Then I get a call last Friday - to schedule the delivery of the bed - this week! Turns out Home Decorators (owned by Home Depot, by the way) doesn't make the bed, and there was some confusion between the manufacturer and them. A happy mistake.
I had explicitly asked if they could call an hour before delivery - I don't want to be sitting on my ass at home for four hours waiting on these people. They assured me it would be no problem. So when my phone rang this afternoon, I was not expecting the testy dispatcher, who was wondering where I was. Someone forgot to tell the driver to call me. "Can I come now? Will the driver wait?" I ask. They say sure, and I rush out of the office.
As I'm pulling into my neighborhood, I see a delivery truck pulling out - my bed! I call back and the (still-testy) dispatcher says I took too long, they had to move on, and it's the manufacturer's fault anyway, for not telling the delivery people in the first place. I'll have to reschedule. Keep your fingers crossed for me; we're going to try this all again tomorrow.
************************************************************************************
Did I mention that we're having our wedding reception at the Florida Museum of Natural History? We had considered it, and then decided it was too much. But Kyle changed his mind - the convenience of it being literally down the road from the ceremony site was too appealing to him.
We are saving a bit by not purchasing tickets to the Butterfly Rainforest for people, but I still hope people check it out before the wedding. Seriously, if you have kids, you've got to go see this. When they gave me a tour, I thought I'd see one or two flitting around. No - you walk in and it's like the IBM commercials about going green - it's like landing in technicolor Oz after being in sepia-toned Kansas. Butterflies are everywhere. They land on you. You have got to take your kids!

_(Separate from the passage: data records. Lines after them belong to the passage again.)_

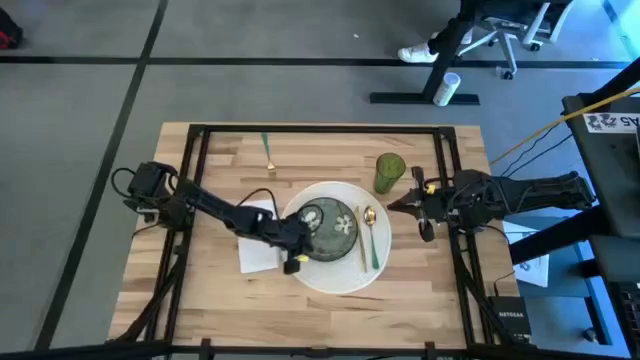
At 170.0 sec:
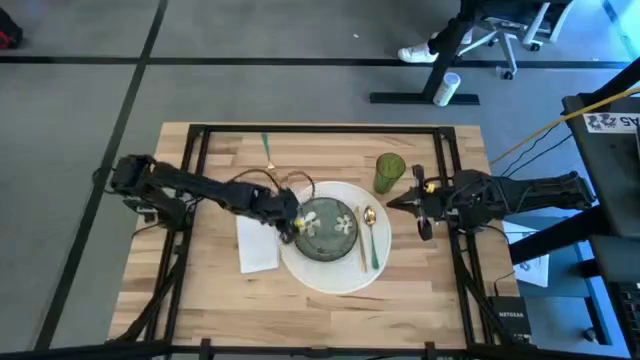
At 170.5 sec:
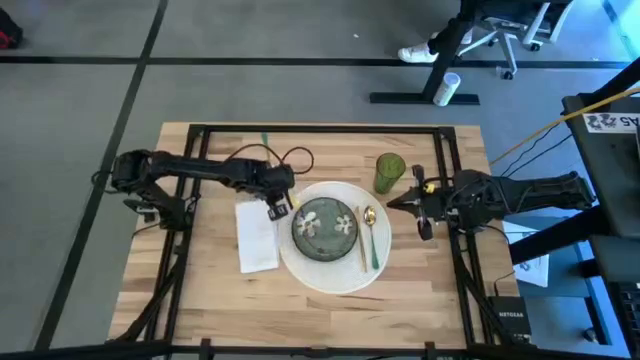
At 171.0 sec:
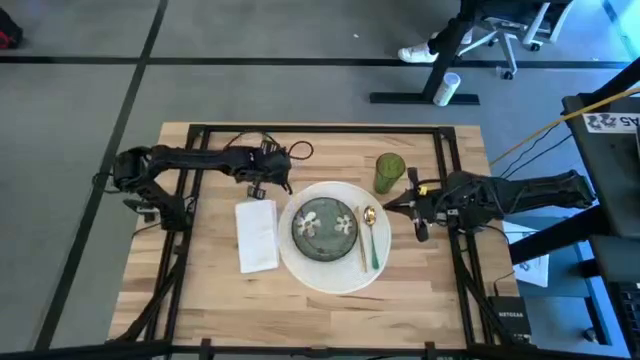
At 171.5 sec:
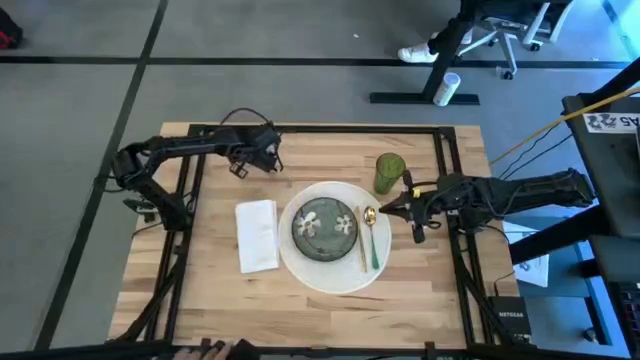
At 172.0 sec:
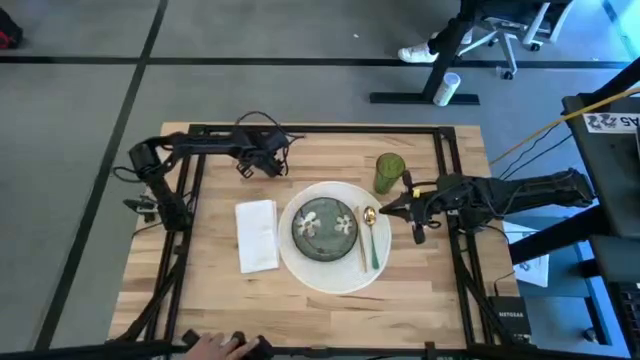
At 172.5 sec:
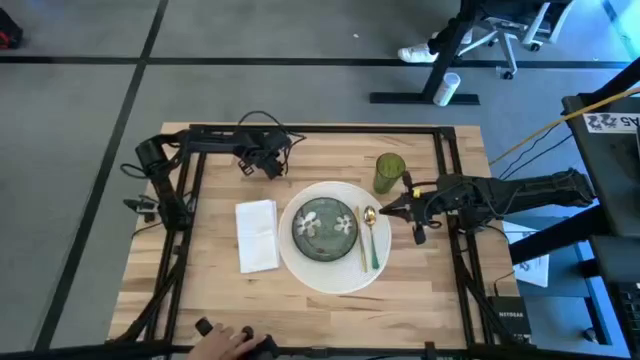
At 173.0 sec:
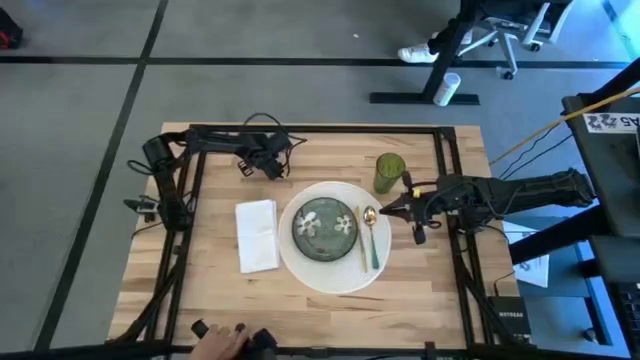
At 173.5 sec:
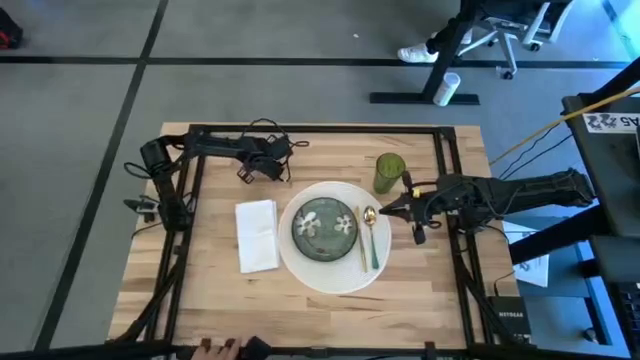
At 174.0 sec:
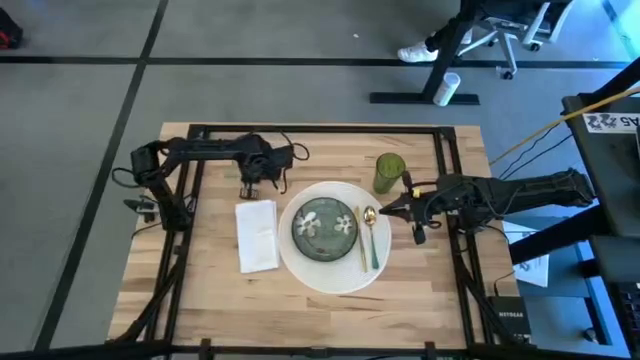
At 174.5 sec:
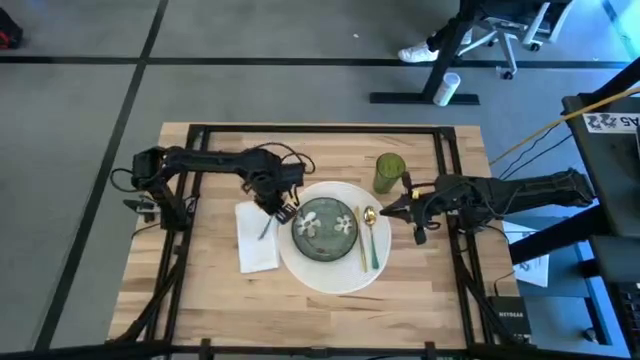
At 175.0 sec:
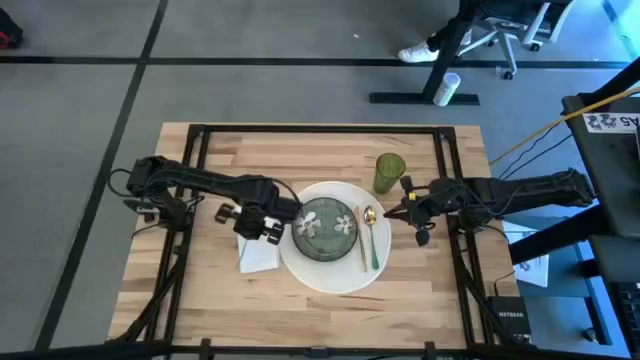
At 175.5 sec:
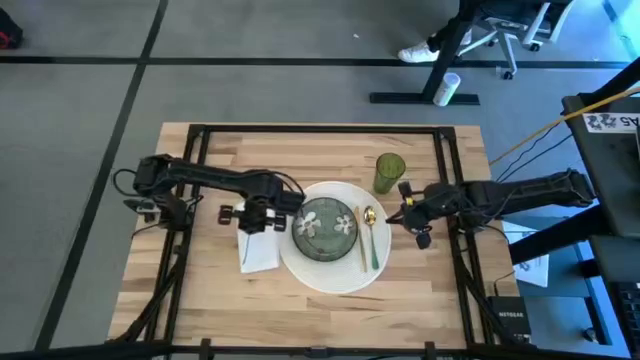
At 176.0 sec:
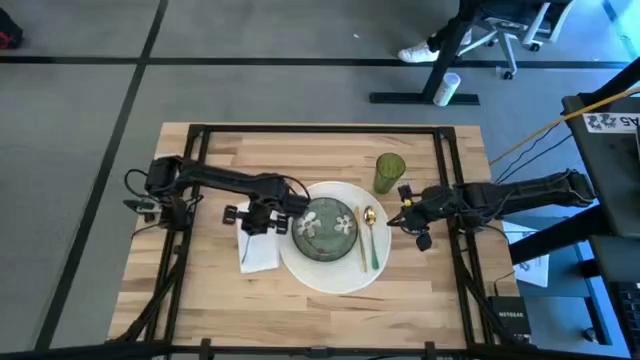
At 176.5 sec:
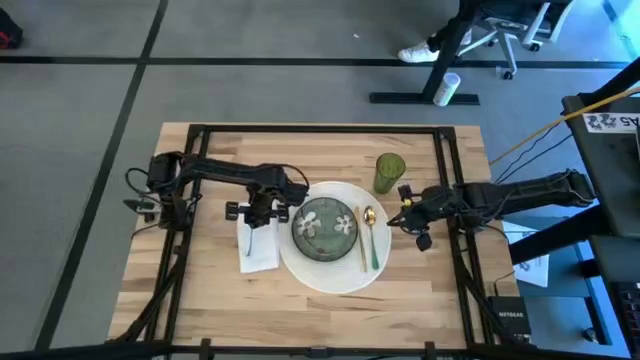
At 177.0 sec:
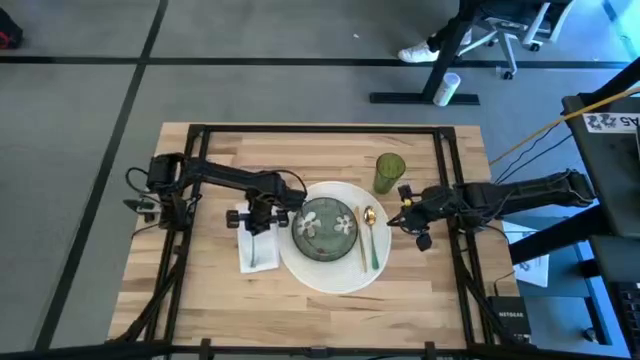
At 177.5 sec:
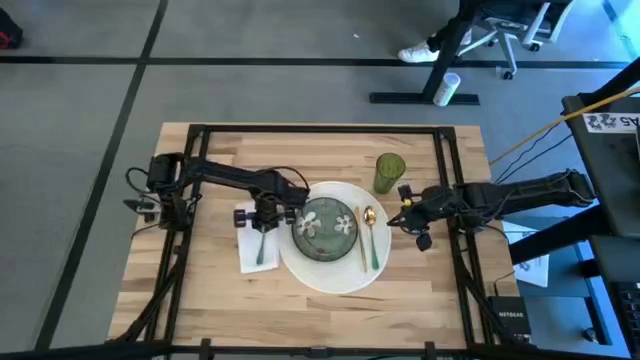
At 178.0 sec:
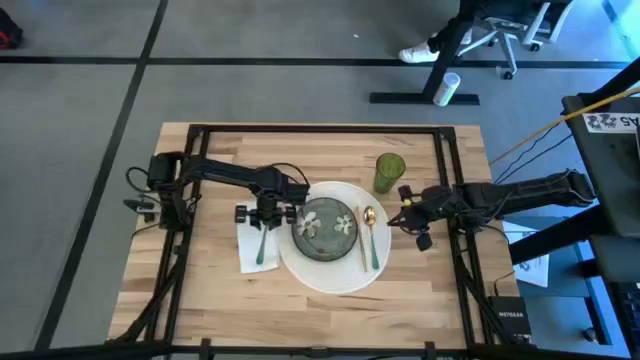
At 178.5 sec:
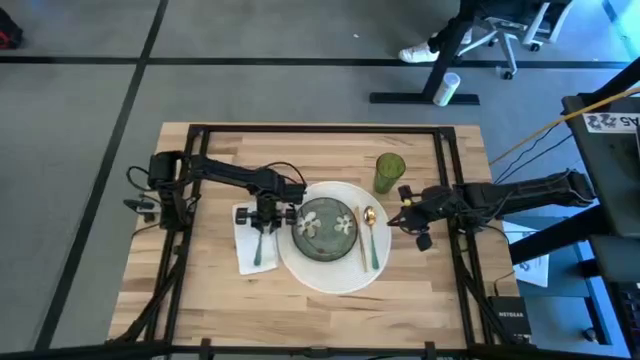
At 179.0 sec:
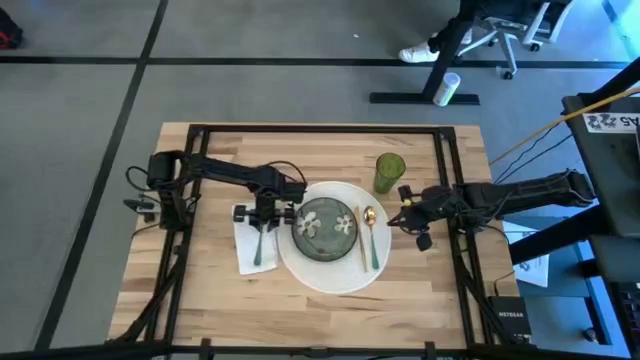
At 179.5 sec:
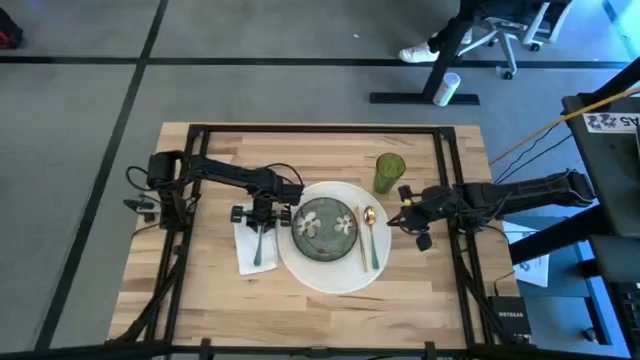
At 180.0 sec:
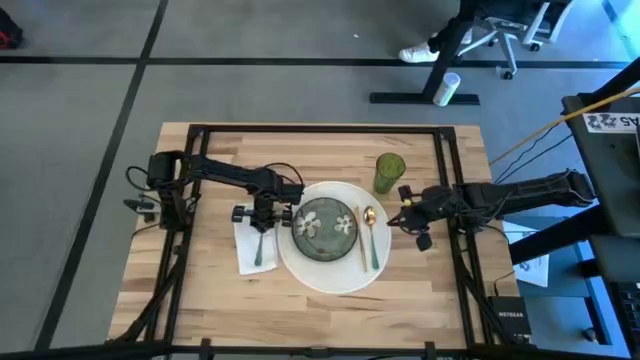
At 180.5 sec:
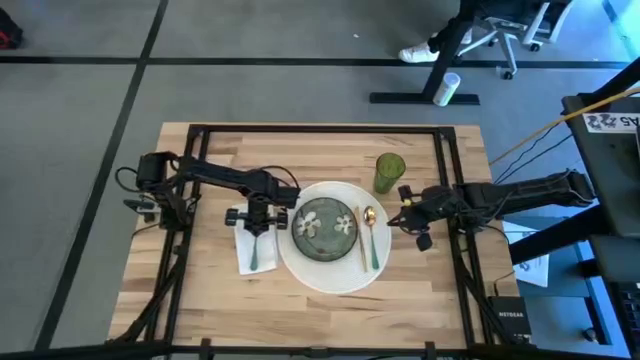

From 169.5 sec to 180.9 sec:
Task: Set table place
Put the green fork on the white table napkin

In fact, they're having a ButterflyFest this weekend, October 18-19.


Thursday, October 9, 2008

Regrets and Memories

I was thinking about my grandmother.

If there had to be a downside to my age at the time of this wedding, it would be that none of my grandparents are still alive.

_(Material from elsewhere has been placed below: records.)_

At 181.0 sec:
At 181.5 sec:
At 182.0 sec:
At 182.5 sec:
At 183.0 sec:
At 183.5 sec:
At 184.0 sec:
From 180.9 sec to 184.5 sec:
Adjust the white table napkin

At one time, I was incredibly close to my maternal grandmother. And I wish like hell that she could have been here for my wedding. That part of my family lives far, far away from me, in Maine. When I was little, I, along with my baby brother and my mom, would fly People's Choice Airlines to Maine for the whole summer (People's Choice being the cheapest airline at the time, and there's a very good reason why they're no longer in business...). While my poor father toiled away in Florida, the three of us stayed with my mother's parents, who lived in the middle of nowhere - there's a lot of that in Maine. Did I mention that my mother doesn't drive? Needless to say, I spent vast amounts of time with my mom and my grandmother, going wherever my grandmother wanted to go.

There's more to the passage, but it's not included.